Or, if you wanted to be paranoid about stripping off any extraneous whitespace characters before or after the filenames:

Code:
set fid [open $file r]
while {[gets $fid line] >= 0} {
  lappend swdirlist [string trim $line]
}
close $fid
- Ken Jones, President
Avia Training and Consulting
866-TCL-HELP (866-825-4357) US Toll free
415-643-8692 Voice
415-643-8697 Fax
 
Actually I just realized that my input file can have multiple columns, up to three, the above works fine for one column, what about if there are several columns and I only want to select the first or second or third element for each line, what is the best approach?

Thanks again.
 
Well, two primary questions spring to mind in that case: 1) can the file names contain spaces (since this is a Windows system, I'm assuming the answer is "yes"); and 2) how are the columns separated?

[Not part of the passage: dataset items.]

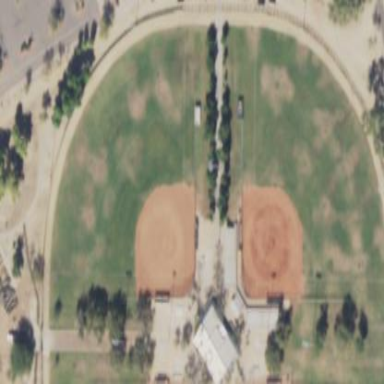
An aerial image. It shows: Baseball pitch for leisure land.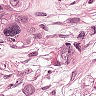
Metastatic tissue present: yes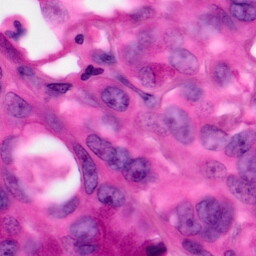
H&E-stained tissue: Pancreatic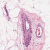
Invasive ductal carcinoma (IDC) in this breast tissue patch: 0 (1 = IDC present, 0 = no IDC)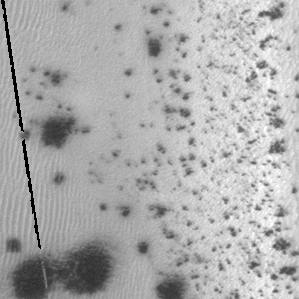
Label: frost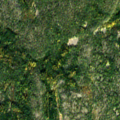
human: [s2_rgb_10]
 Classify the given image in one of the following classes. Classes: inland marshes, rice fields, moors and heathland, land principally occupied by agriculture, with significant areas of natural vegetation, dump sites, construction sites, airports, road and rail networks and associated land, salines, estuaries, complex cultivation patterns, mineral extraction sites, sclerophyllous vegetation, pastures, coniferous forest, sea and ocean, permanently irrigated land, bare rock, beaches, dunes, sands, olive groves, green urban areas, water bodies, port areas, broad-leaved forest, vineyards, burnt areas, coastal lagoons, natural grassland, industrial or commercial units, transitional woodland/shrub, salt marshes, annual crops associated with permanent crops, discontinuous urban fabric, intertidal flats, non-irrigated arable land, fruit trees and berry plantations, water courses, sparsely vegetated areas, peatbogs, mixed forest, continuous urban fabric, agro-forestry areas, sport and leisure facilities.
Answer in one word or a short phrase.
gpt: mixed forest, transitional woodland/shrub, bare rock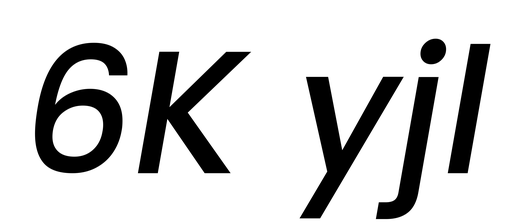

I'm sure you see where I'm going with this. If the columns are white-space separated, it's going to be very tricky determining whether a white-space character is part of a file name or part or a column separator. So, how can you describe to me unambiguously that a particular column is complete? What are all the different potential data formats the file can contain? What is the information in the file? Which pieces of information will you want to extract? At this point, there are several different tools I could suggest, but the problem is too nebulous for me to know which might work. - Ken Jones, President
Avia Training and Consulting
866-TCL-HELP (866-825-4357) US Toll free
415-643-8692 Voice
415-643-8697 Fax
 
here is an example of a file: this is under unix but it will be similar under windows (apart from the file path will have \ instead of /)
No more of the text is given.